As a second example, let’s arrange three plots in three rows and one column:

opar <- par(no.readonly=TRUE)
par(mfrow=c(3,1))
hist(mtcars$wt)
hist(mtcars$mpg)
hist(mtcars$disp)

par(opar)

Note that the high-level function hist() includes a default title (use main="" to suppress it, or ann=FALSE to suppress all titles and labels).

The layout() function has the form layout(mat), where mat is a matrix object specifying the location of the multiple plots to combine. In the following code, one figure is placed in row 1 and two figures are placed in row 2:

layout(matrix(c(1,1,2,3), 2, 2, byrow = TRUE))
hist(mtcars$wt)
hist(mtcars$mpg)
hist(mtcars$disp)

Optionally, you can include widths= and heights= options in the layout() function to control the size of each figure more precisely. widths is a vector of values for the widths of columns and heights is a vector of values for the heights of rows.

Relative widths are specified with numeric values. Absolute widths (in centimeters) are specified with the lcm() function.

In the following code, one figure is again placed in row 1 and two figures are placed in row 2. But the figure in row 1 is one-third the height of the figures in row 2. Additionally, the figure in the bottom-right cell is one-fourth the width of the figure in the bottom-left cell:

layout(matrix(c(1, 1, 2, 3), 2, 2, byrow = TRUE),
       widths=c(1, 0.5), heights=c(0.5, 1))
hist(mtcars$wt)
hist(mtcars$mpg)
hist(mtcars$disp)

As you can see, layout() gives you easy control over both the number and place- ment of graphs in a final image and the relative sizes of these graphs. See help(layout) for more details.

There are times when you want to arrange or superimpose several figures to create a single meaningful plot. Doing so requires fine control over the placement of the figures. You can accomplish this with the fig= graphical parameter. In the following example, two box plots are added to a scatter plot to create a single enhanced graph:

opar <- par(no.readonly=TRUE)
par(fig=c(0, 0.8, 0, 0.8))

# sets up the scatter plot
plot(mtcars$wt, mtcars$mpg,
     xlab="Miles Per Gallon",
     ylab="Car Weight")

# adds a box plot above
par(fig=c(0, 0.8, 0.55, 1), new=TRUE)
boxplot(mtcars$wt, horizontal=TRUE, axes=FALSE)
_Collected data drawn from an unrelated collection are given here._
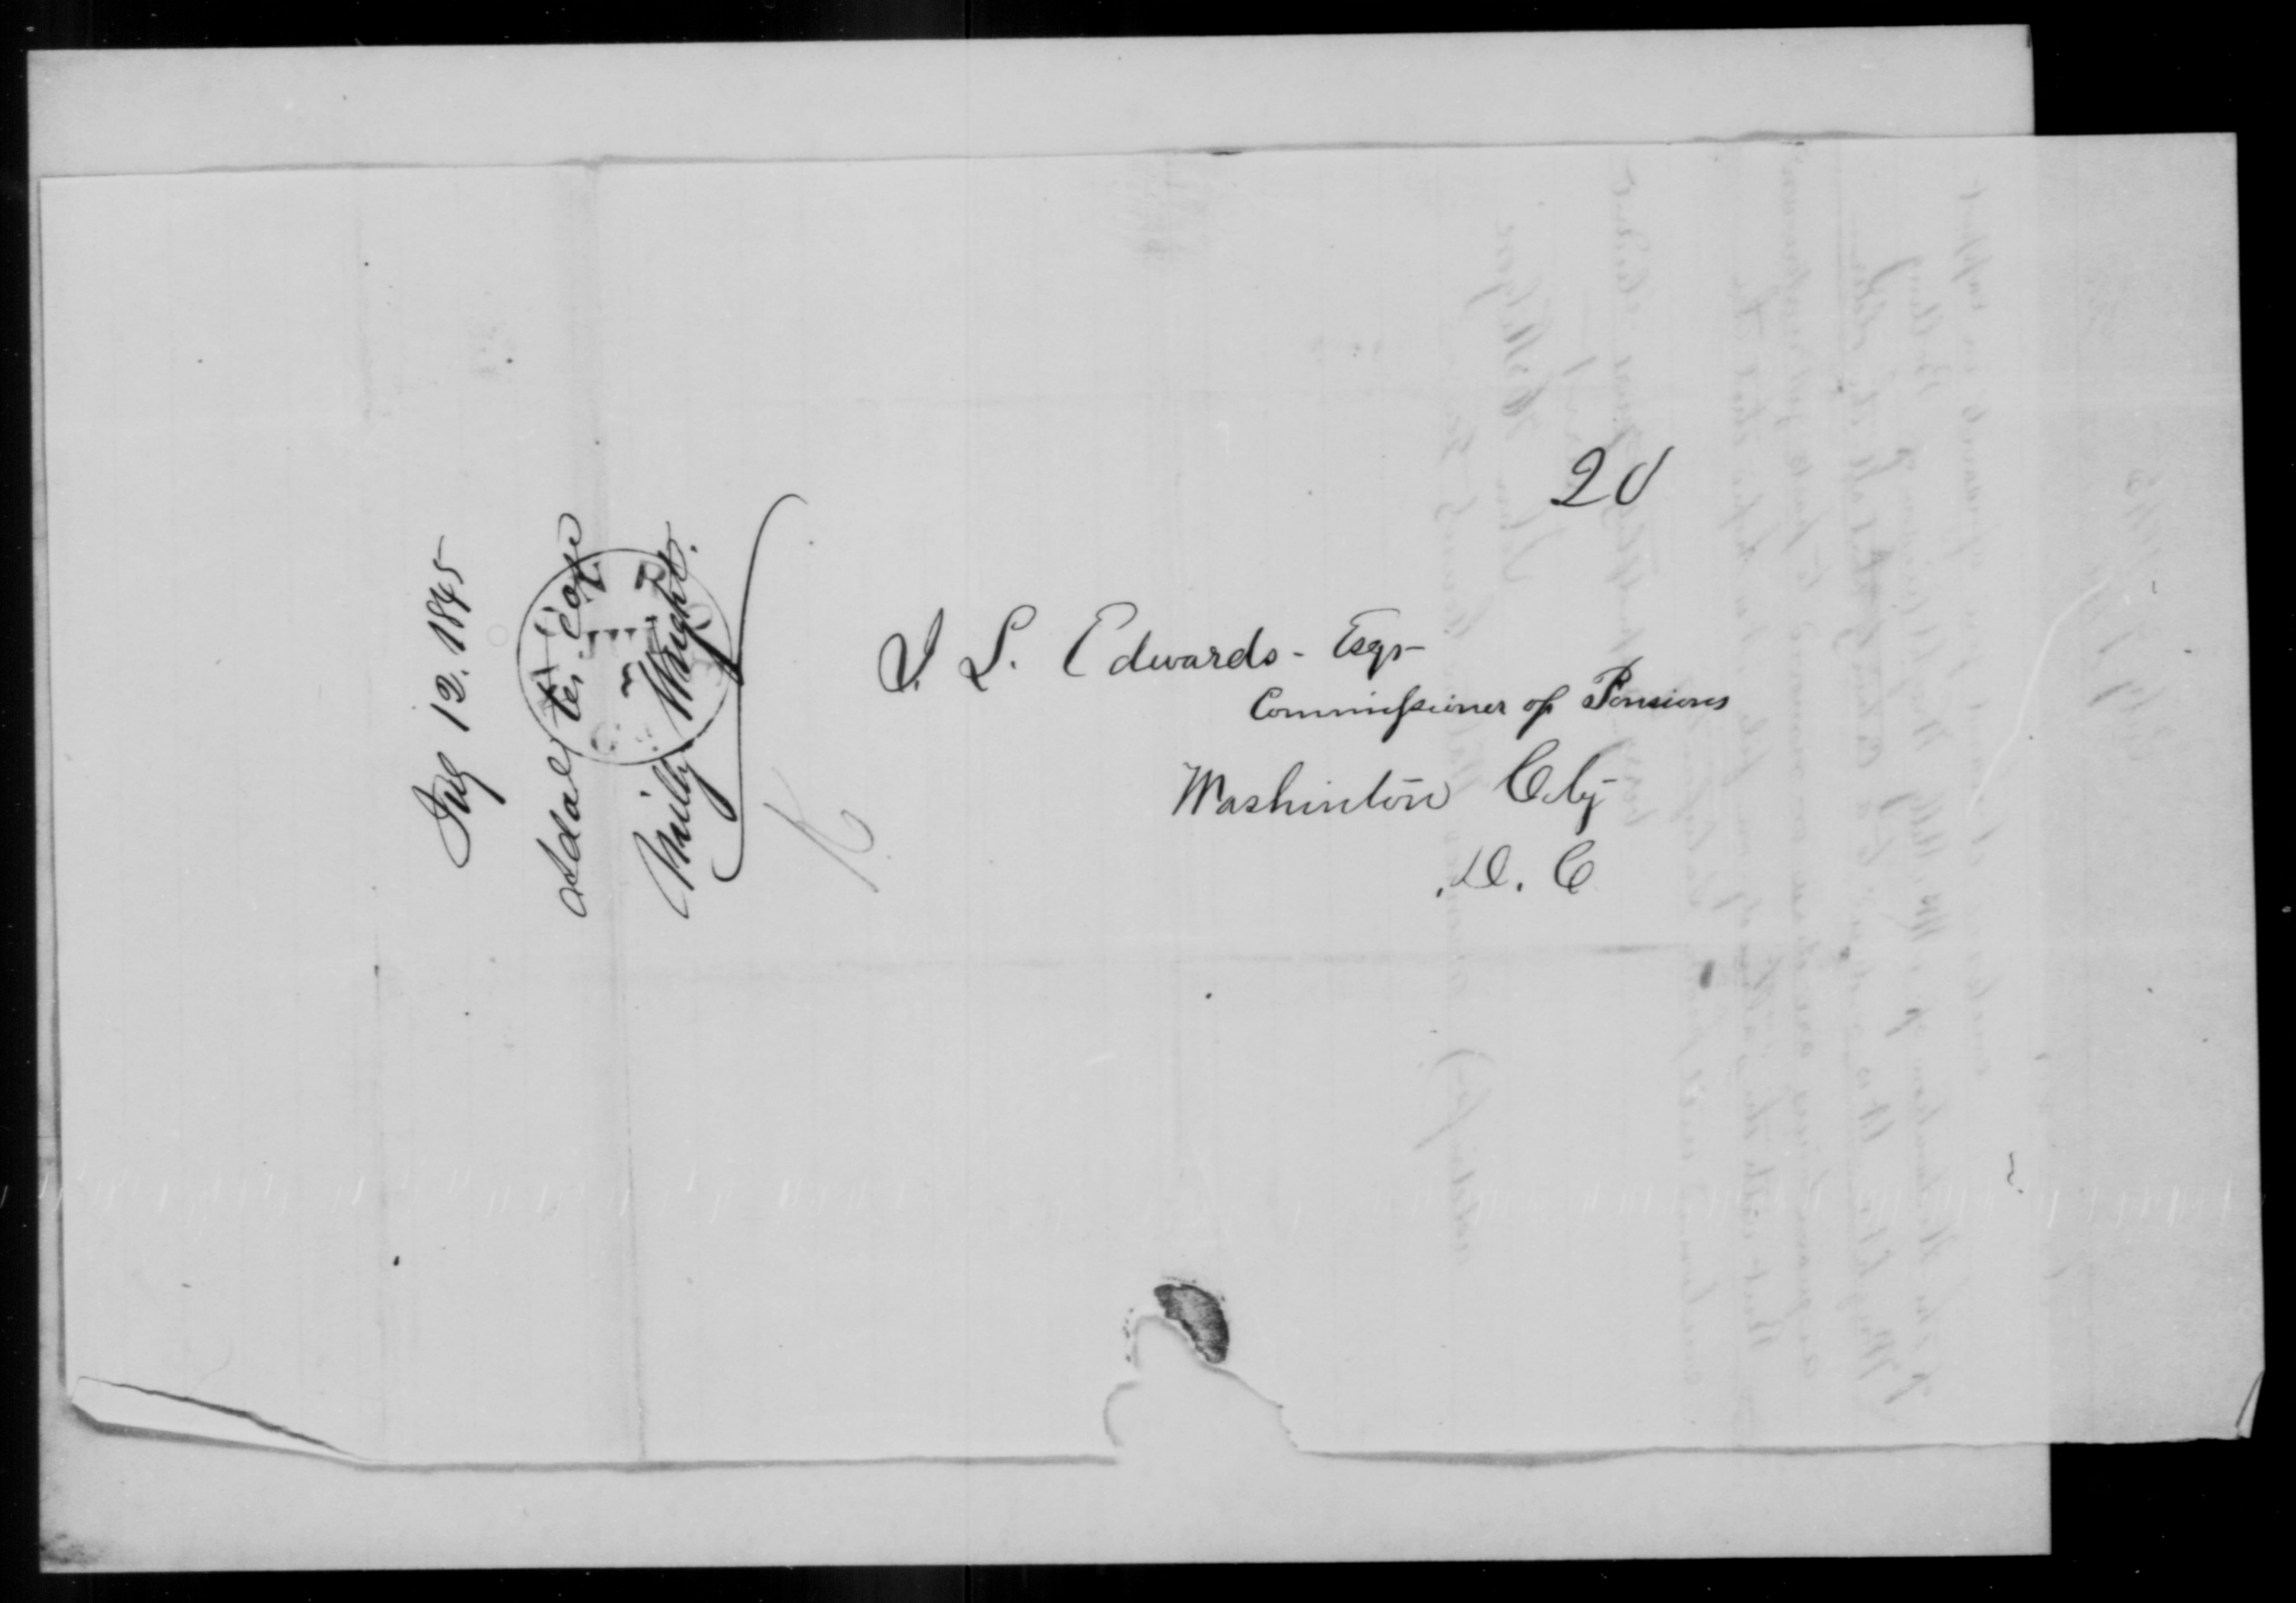Aug 12. 1845
[Illegible] case
Milly Wright

J. L. Edwards - Esqr
Commissioner of Pensions
Washington City
D. C.

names: Milly Wright, J L Edwards
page: 51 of 81
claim: widow's
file: W. 5183, Bolling Wright, Va.

# adds a box plot to the right
par(fig=c(0.65, 1, 0, 0.8), new=TRUE)
boxplot(mtcars$mpg, axes=FALSE)

# add title and set up other parameters
mtext("Enhanced Scatterplot", side=3, outer=TRUE, line=-3)

par(opar)

o understand how this graph is created, think of the full graph area as going from (0,0) in the lower-left corner to (1,1) in the upper-right corner. The format of the fig= parameter is a numerical vector of the form c(x1, x2, y1, y2).

The first fig= sets up the scatter plot going from 0 to 0.8 on the x-axis and 0 to 0.8 on the y-axis. The top box plot goes from 0 to 0.8 on the x-axis and 0.55 to 1 on the y-axis. The box plot on the right goes from 0.65 to 1 on the x-axis and 0 to 0.8 on the y-axis. fig= starts a new plot, so when you add a figure to an existing graph, include the new=TRUE option.

I chose 0.55 rather than 0.8 so that the top figure would be pulled closer to the scatter plot. Similarly, I chose 0.65 to pull the box plot on the right closer to the scatter plot. You have to experiment to get the placement correct.

The amount of space needed for individual subplots can be device dependent. If you get “Error in plot.new(): figure margins too large,” try varying the area given for each portion of the overall graph.

You can use the fig= graphical parameter to combine several plots into any arrangement within a single graph. With a little practice, this approach gives you a great deal of flexibility when creating complex visual presentations.